The Firing Line eBook

This eBook from the Gutenberg Project consists of approximately 502 pages of information about The Firing Line.

The Firing Line eBook

This eBook from the Gutenberg Project consists of approximately 502 pages of information about The Firing Line.

So with a gay exchange of badinage they took their turns when the dogs rounded up singles; and sometimes he missed shamefully, and sometimes he performed with credit, but she never amended his misses nor did more than match his successes, and he thought that in all his life he had never witnessed more faultless field courtesy than this young girl instinctively displayed.  Nothing in the world could have touched him more keenly or convinced him more thoroughly.  For it is on the firing line that character shows; a person is what he is in the field—­even though he sometimes neglects to live up to it in less vital moments.
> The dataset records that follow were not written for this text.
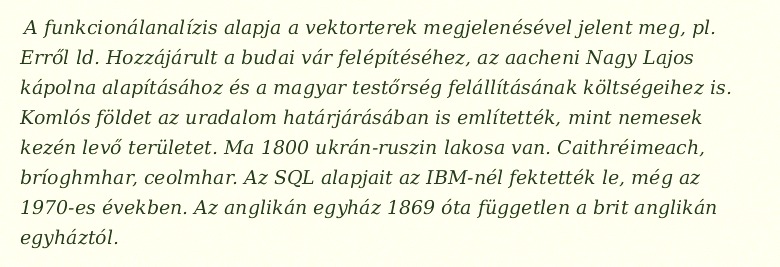
A funkcionálanalízis alapja a vektorterek megjelenésével jelent meg, pl. Erről ld. Hozzájárult a budai vár felépítéséhez, az aacheni Nagy Lajos kápolna alapításához és a magyar testőrség felállításának költségeihez is. Komlós földet az uradalom határjárásában is említették, mint nemesek kezén levő területet. Ma 1800 ukrán-ruszin lakosa van. Caithréimeach, bríoghmhar, ceolmhar. Az SQL alapjait az IBM-nél fektették le, még az 1970-es években. Az anglikán egyház 1869 óta független a brit anglikán egyháztól.
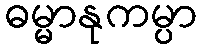
ဓမ္မာနုကမ္ပာ
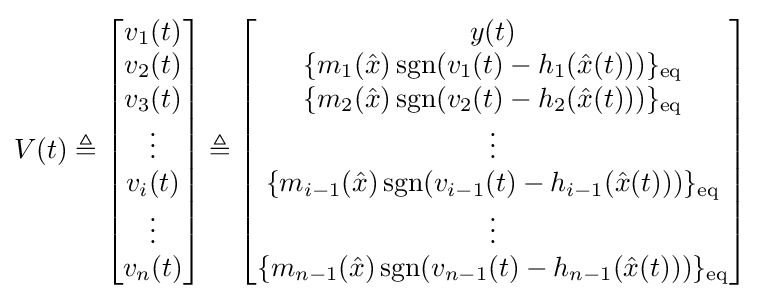
V(t)\triangleq {\begin{bmatrix}v_{1}(t)\\v_{2}(t)\\v_{3}(t)\\\vdots \\v_{i}(t)\\\vdots \\v_{n}(t)\end{bmatrix}}\triangleq {\begin{bmatrix}y(t)\\\{m_{1}({\hat {x}})\operatorname {sgn}(v_{1}(t)-h_{1}({\hat {x}}(t)))\}_{\text{eq}}\\\{m_{2}({\hat {x}})\operatorname {sgn}(v_{2}(t)-h_{2}({\hat {x}}(t)))\}_{\text{eq}}\\\vdots \\\{m_{i-1}({\hat {x}})\operatorname {sgn}(v_{i-1}(t)-h_{i-1}({\hat {x}}(t)))\}_{\text{eq}}\\\vdots \\\{m_{n-1}({\hat {x}})\operatorname {sgn}(v_{n-1}(t)-h_{n-1}({\hat {x}}(t)))\}_{\text{eq}}\end{bmatrix}}
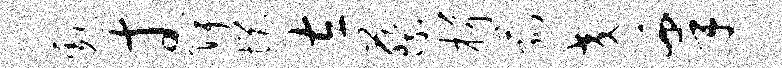
彪寸陴悒左蔡楫菰交皋
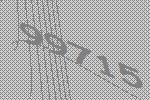
99715
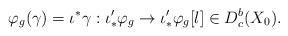
LaTeX: \begin{align*}\varphi_g(\gamma) = \iota^*\gamma: \iota'_*\varphi_g \to \iota'_*\varphi_g[l] \in D^b_c(X_0). \end{align*}
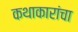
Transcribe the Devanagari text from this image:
कथाकारांचा

Generous and quick in her applause, sensitive under his failures, cool in difficulties, yielding instantly the slightest advantage to him, holding her fire when singles rose or where there could be the slightest doubt—­that was his shooting companion under the white noon sun that day.  He noticed, too, her sweetness with the dogs, her quick encouragement when work was well done, her brief rebuke when the red dog, galloping recklessly down wind, jumped a ground-rattler and came within a hair’s breadth of being bitten.

“The little devil!” said Hamil, looking down at the twisting reptile which he had killed with a palmetto stem.  “Why, Shiela, he has no rattles at all.”

“No, only a button.  Dig a hole and bury the head.  Fangs are always fangs whether their owner is dead or alive.”

So Hamil scooped out a trench with his hunting-knife and they buried the little ground-rattler while both dogs looked on, growling.

Cardross and Gray had remounted; Bulow cast out a brace of pointers for them, and they were already far away.  Presently the distant crack of their guns announced that fresh bevies had been found beyond the branch.

The guide, Carter, rode out, bringing Shiela and Hamil their horses and relieving the latter’s pockets of a dozen birds; announcing a halt for luncheon at the same time in a voice softly neglectful of I’s and R’s, and musical with aspirates.

As they followed him slowly toward the wagon which stood half a mile away under a group of noble pines, Hamil began in a low voice: 

“I’ve got to say this, Shiela:  I never saw more perfect sportsmanship than yours; and, if only for that, I love you with all my heart.”

“What a boyish thing to say!” But she coloured deliciously.

“You don’t care whether I love you—­that way, do you?” he asked hopefully.

“N-no.”

“Then—­I can wait.”

She turned toward him, confused.

“Wait?” she repeated.

“Yes—­wait; all my life, if it must be.”

“There is nothing to wait for.  Don’t say such things to me.  I—­it’s difficult enough for me now—­to think what to do—­You will not speak to me again that way, will you?  Because, if you do, I must send you away....  And that will be—­hard.”

“Once,” he said, “you spoke about men—­how they come crashing through the barriers of friendship.  Am I like that?”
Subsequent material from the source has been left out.